Weiterhin keine Funde von infizierten Wildschweinen

10.05.2022

Zaunbau wird fortgesetzt/Fallwildsuche mit Hunden, Drohne und Unterstützern

Auch nach der Anpassung der Restriktionsgebiete mit der Allgemeinverfügung vom 22.4.2022 gibt es keinen Wildschweinfund auf dem Territorium des Landkreises Prignitz, bei dem die Afrikanische Schweinpest (ASP) nachgewiesen wurde. Infizierte Wildschweine wurden bislang nur im benachbarten Landkreis Ludwigslust-Parchim registriert. Um ein Übergreifen der ASP auf den Landkreis weiterhin zu verhindern und die Landwirtschaft vor noch größeren Verlusten zu schützen, hat der Landkreis in den vergangenen Wochen weiter an einem Wildzaun entlang der Grenze zu Mecklenburg-Vorpommern gebaut.  „Wir denken, dass wir diesen Schutzzaun in der kommenden Woche fertigstellen können“, so Amtstierärztin Dr.
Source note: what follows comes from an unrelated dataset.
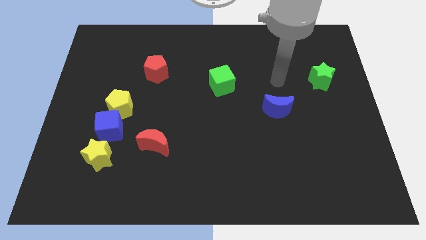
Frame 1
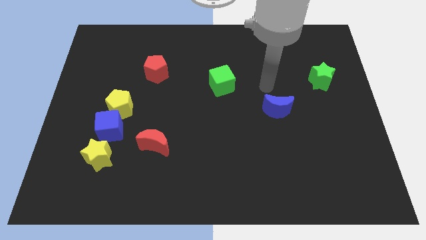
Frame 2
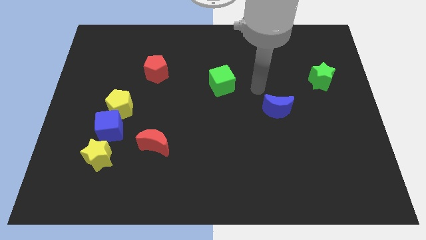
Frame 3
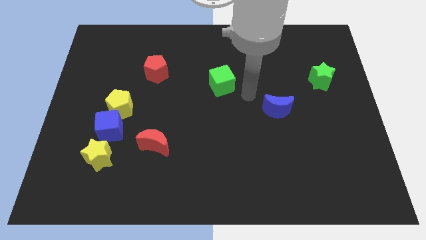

Sabine Kramer. 

Entsprechend der aktuellen Rechtslage ist der Landkreis intensiv damit beschäftigt, die Erweiterung der sogenannten Weißen Zone zu planen, die genaue Trasse zu fixieren, das entsprechende Material bereitzustellen und Firmen für den Aufbau zu beauftragen.

Ungeachtet dessen laufen die Kontrolle der bereits installierten Zäune und die Fallwildsuche kontinuierlich weiter. Freiwillige Unterstützer waren am heutigen Dienstag im Raum Putlitz unterwegs, am Donnerstag wird im Raum Jännersdorf nach verendeten Wildschweinen konzentriert gesucht. In der kommenden Woche sind auch wieder Suchhunde unterwegs.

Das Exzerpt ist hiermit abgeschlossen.